Kodam Cenderawasih Kenalkan Kopi Wamena Di Gebyar Karya Pertiwi Ke-2

0
306
Kodam Cenderawasih Kenalkan Kopi Wamena Di Gebyar Karya Pertiwi Ke-2. (Pendam XVII/Cenderawasih)
Kodam Cenderawasih Kenalkan Kopi Wamena Di Gebyar Karya Pertiwi Ke-2. (Pendam XVII/Cenderawasih)

 

JAYAPURA (LISTAS PAPUA) – Memasuki hari kedua acara Gebyar Karya Pertiwi Ke-2 Tahun 2019, sejumlah pengunjung nampak terus ramai dan memenuhi Gedung Balai Sudirman yang menampilkan serta menyediakan beberapa tarian-tarian, aneka pernak pernik dan aksesoris serta banyak juga yang menyajikan makanan dari berbagai khas daerah di seluruh Indonesia, Kamis (14/11/2019).

Dalam kegiatan tersebut Stand Kodam XVII/Cenderawasih kali ini menyajikan kopi yang terkenal dengan aroma khasnya yaitu Kopi Wamena.

Kopi Wamena yang terkenal dengan rasa pahitnya dengan dipadukan sedikit rasa asam yang khas membuat stand Kodam XVII/Cenderawasih ramai dikunjungi oleh para tamu undangan lokal maupun nasional.

Menurut salah satu pengunjung Gebyar Karya Pertiwi 2019, Agus asal Jawa Barat mencoba menyicipi Kopi Wamena, usai merakan, ia menyebutkan “Rasa kopinya beda dari kopi pada umumnya yah, perpaduan rasa pahit dan sedikit asamnya itu membuat rasa yang komplit ditambah dengan aromanya yang menambah selera,” kata Agus.

Sementara itu, Ibu Pangdam XVII Cenderawasih, Ny. Mudi Herman Asaribab yang saat itu berada di Stand yang sama menjelaskan kepada para pengunjung bahwa Kopi Wamena memang sedikit berbeda dari kopi-kopi lainnya.

“Pahit dengan perpaduan asamnya itu yang membedakan Kopi Wamena dengan kopi lainnya,” kata Ny. Pangdam XVII Cenderawasih.

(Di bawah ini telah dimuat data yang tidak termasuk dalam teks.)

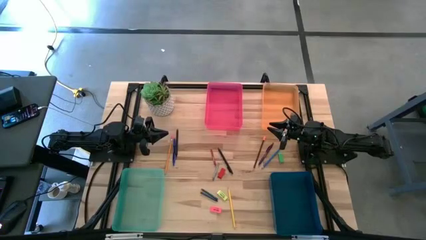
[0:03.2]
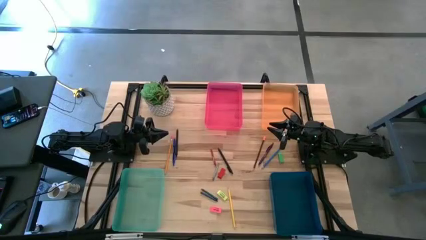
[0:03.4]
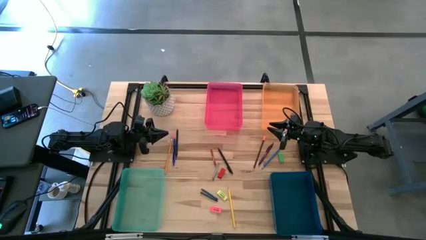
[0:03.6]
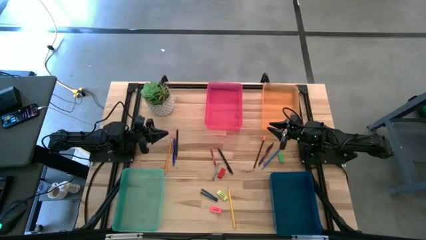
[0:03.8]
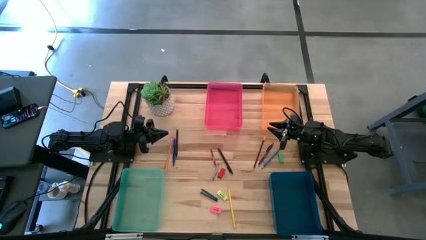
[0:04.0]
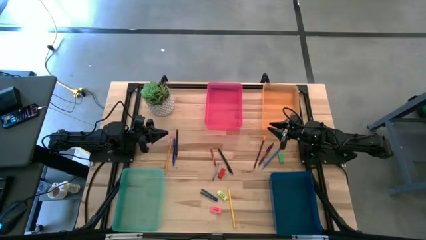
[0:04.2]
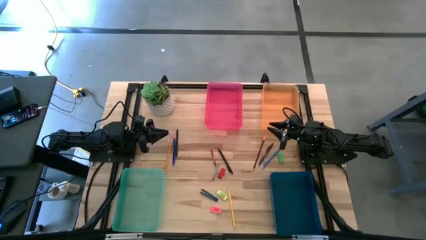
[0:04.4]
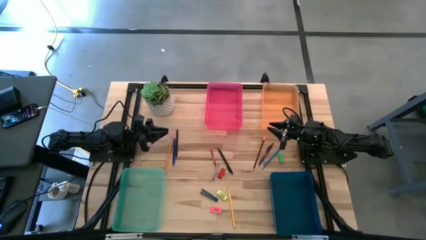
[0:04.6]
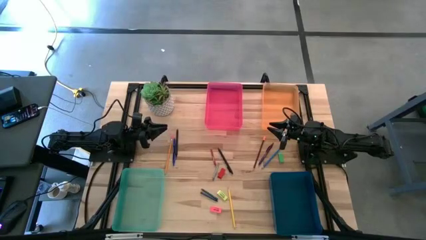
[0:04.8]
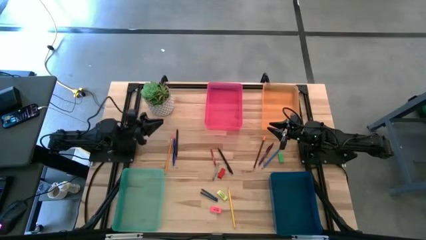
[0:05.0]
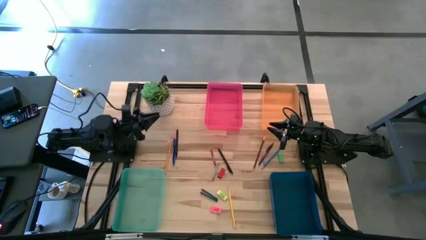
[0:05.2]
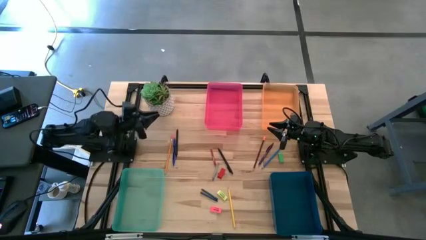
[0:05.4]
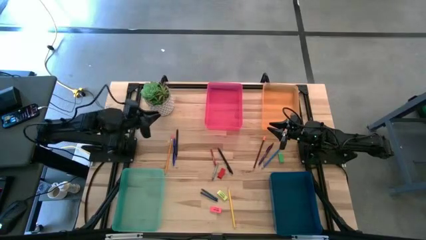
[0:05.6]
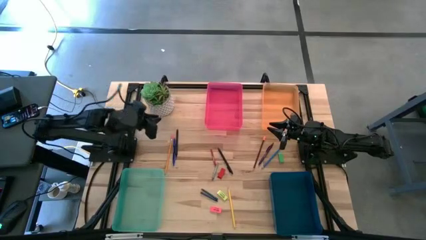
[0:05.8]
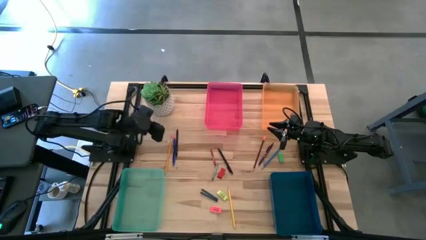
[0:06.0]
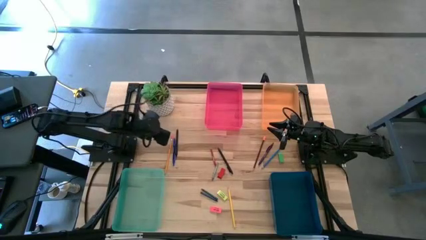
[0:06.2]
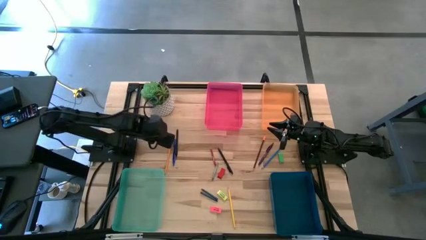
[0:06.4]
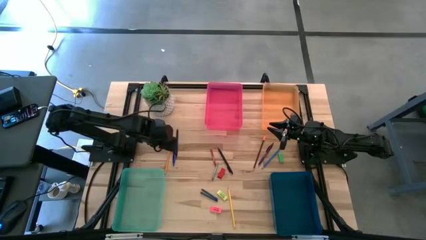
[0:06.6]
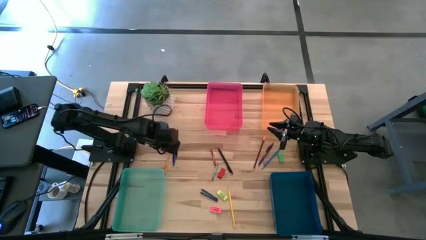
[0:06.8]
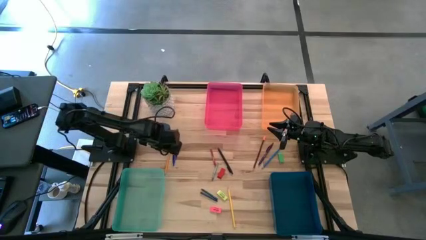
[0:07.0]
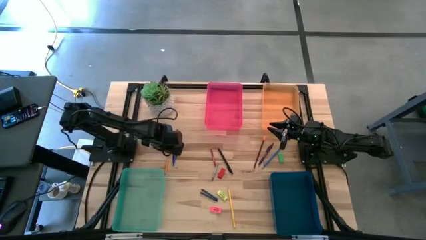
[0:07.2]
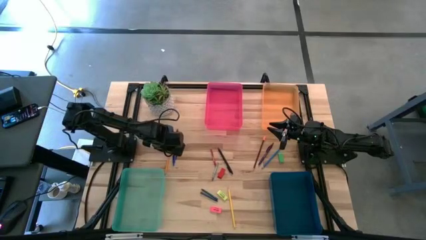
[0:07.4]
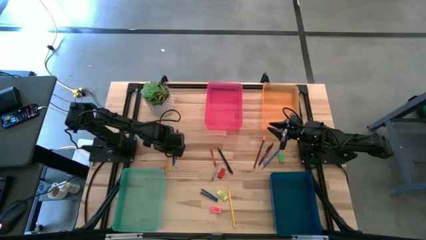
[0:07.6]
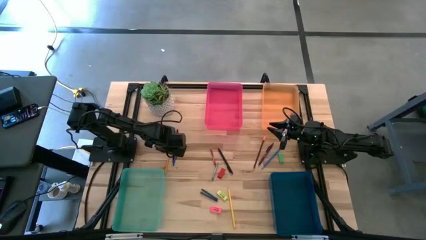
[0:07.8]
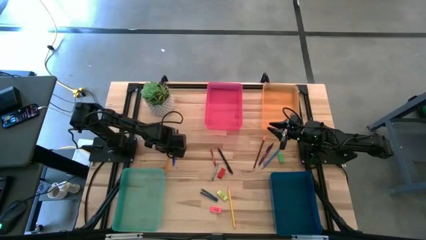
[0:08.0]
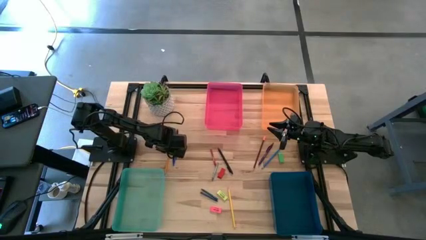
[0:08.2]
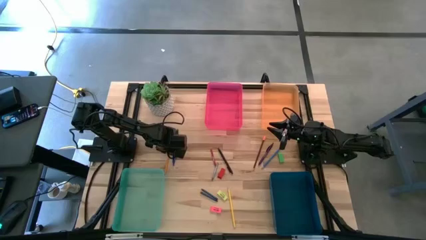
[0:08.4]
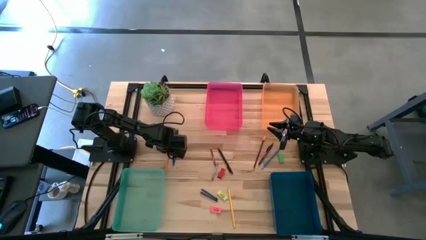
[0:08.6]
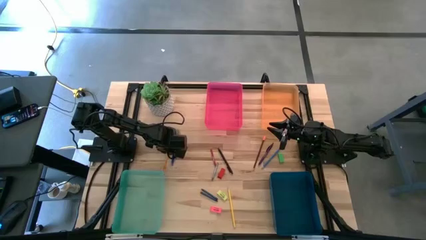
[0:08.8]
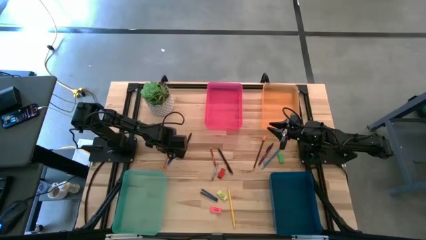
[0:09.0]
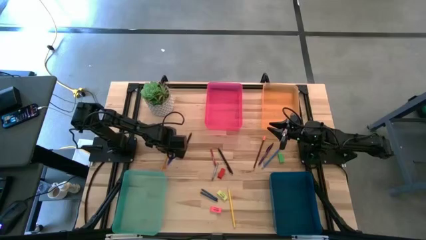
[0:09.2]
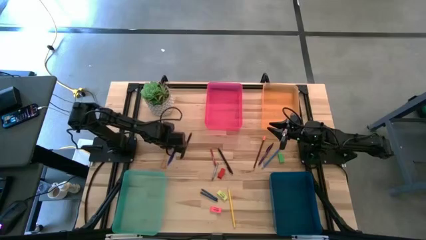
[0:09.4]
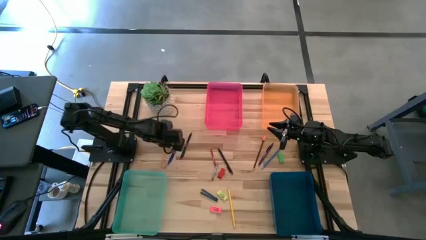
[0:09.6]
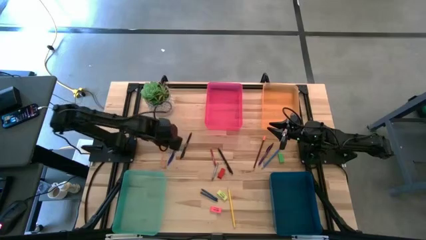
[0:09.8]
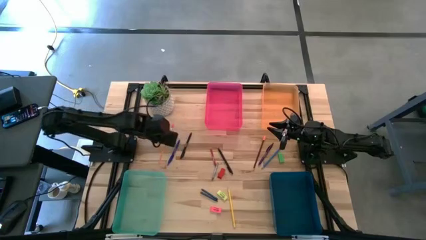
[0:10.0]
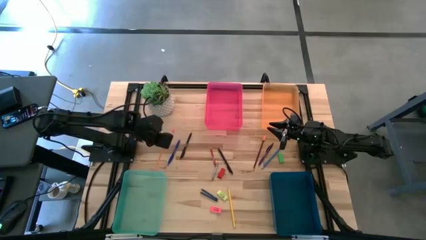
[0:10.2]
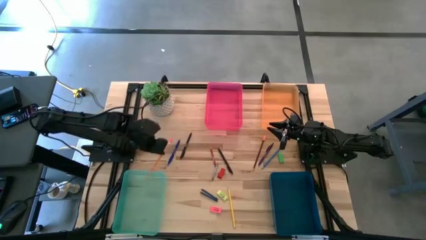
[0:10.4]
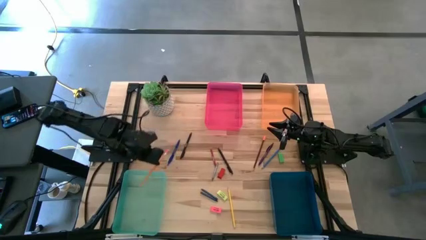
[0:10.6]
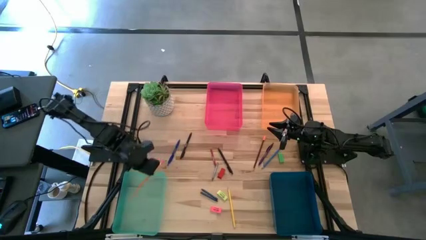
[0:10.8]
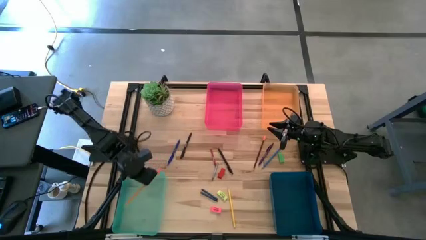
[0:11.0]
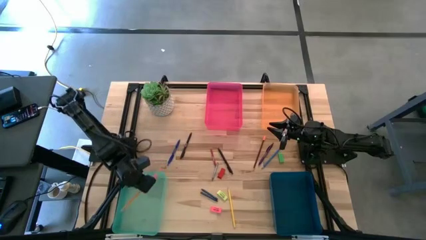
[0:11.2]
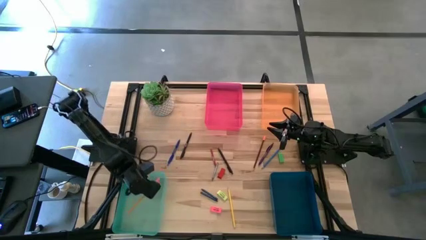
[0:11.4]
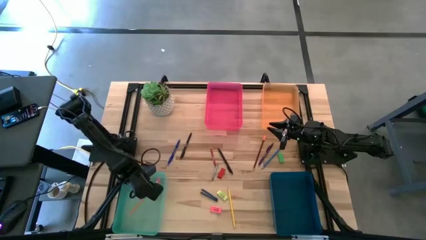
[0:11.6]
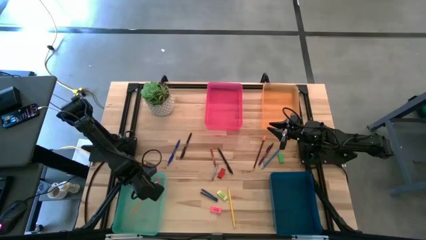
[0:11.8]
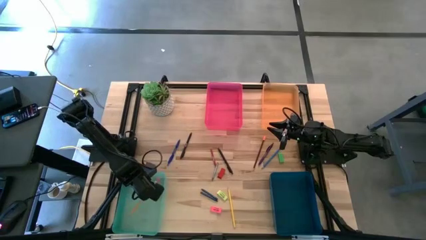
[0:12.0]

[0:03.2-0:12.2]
Task: Sort crayons/erasers/pens/pencils in bins
Put the orange pencil into the green bin bin

Sopian seorang barista muda asal Jakarta yang mahir meracik macam aneka kopi pun mengungkapkan kekagumannya atas kopi yang berasal dari pegunungan tengah Papua tersebut. Dimana baru pertama kali ia meracik biji Kopi Wamena yang setelah di grinder mengeluarkan aroma harum.

“Setelah saya grinder, harumnya langsung keluar dan berkhas sekali, aromanya pun beda dari kopi-kopi lainnya, 3 tahun saya jadi barista inilah biji yang mengeluarkan aroma yang paling khas,” Pungkas Sopian.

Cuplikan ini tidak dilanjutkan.